There is no universally best channel, which is why "which channel should I use" has no context-free answer. The four differ on axes that map directly onto what you're short of.

Channel Time to first cash Cash required Scalability ceiling Skill to competence
Warm outreach Days ~Zero Low (network size) Low
Content Months Low (time-heavy) Very high High, compounding
Cold outreach Weeks Low–medium High Medium (discipline-heavy)
Paid ads Days to buy, but needs a proven offer High Very high High, cash-punishing

Read that table as a constraint-matcher, not a ranking.
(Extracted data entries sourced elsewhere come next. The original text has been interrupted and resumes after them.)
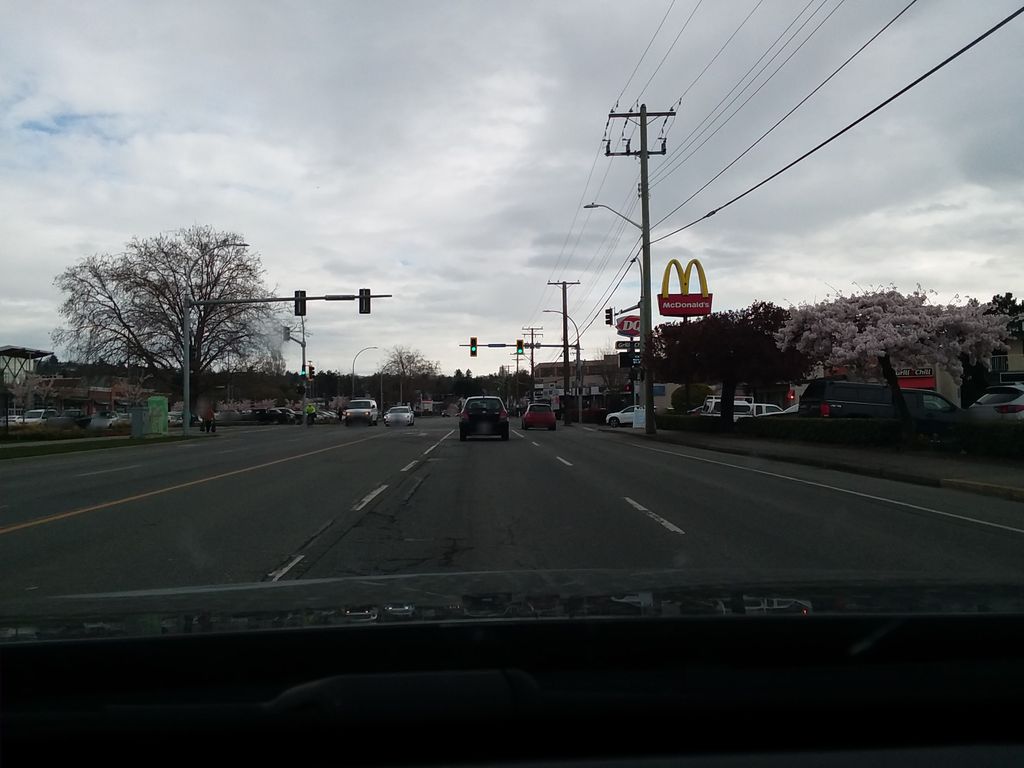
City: victoria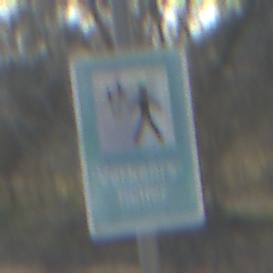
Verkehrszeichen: Verkehrshelfer
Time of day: MorningAfternoon
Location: Outdoor (Suburban)
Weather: PartlyCloudy
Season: NotSpecified
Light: Natural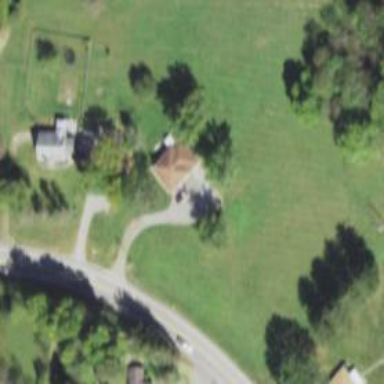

Short on cash and need revenue this month? The right channel is the top row. Have a durable thesis and the patience to compound? Content. Know precisely who your buyer is and can execute follow-up like a machine? Cold. The best channel is the one whose profile fits your actual scarcity — the logic of letting your binding constraint pick your strategy rather than importing someone else's answer.

The sequence: warm first, then exactly one scalable channel

Choosing isn't only about which. It's about order, because the sequence of moves decides the outcome — the right channel at the wrong time fails and teaches you the wrong lesson. The order is not a preference. It falls out of the profiles above.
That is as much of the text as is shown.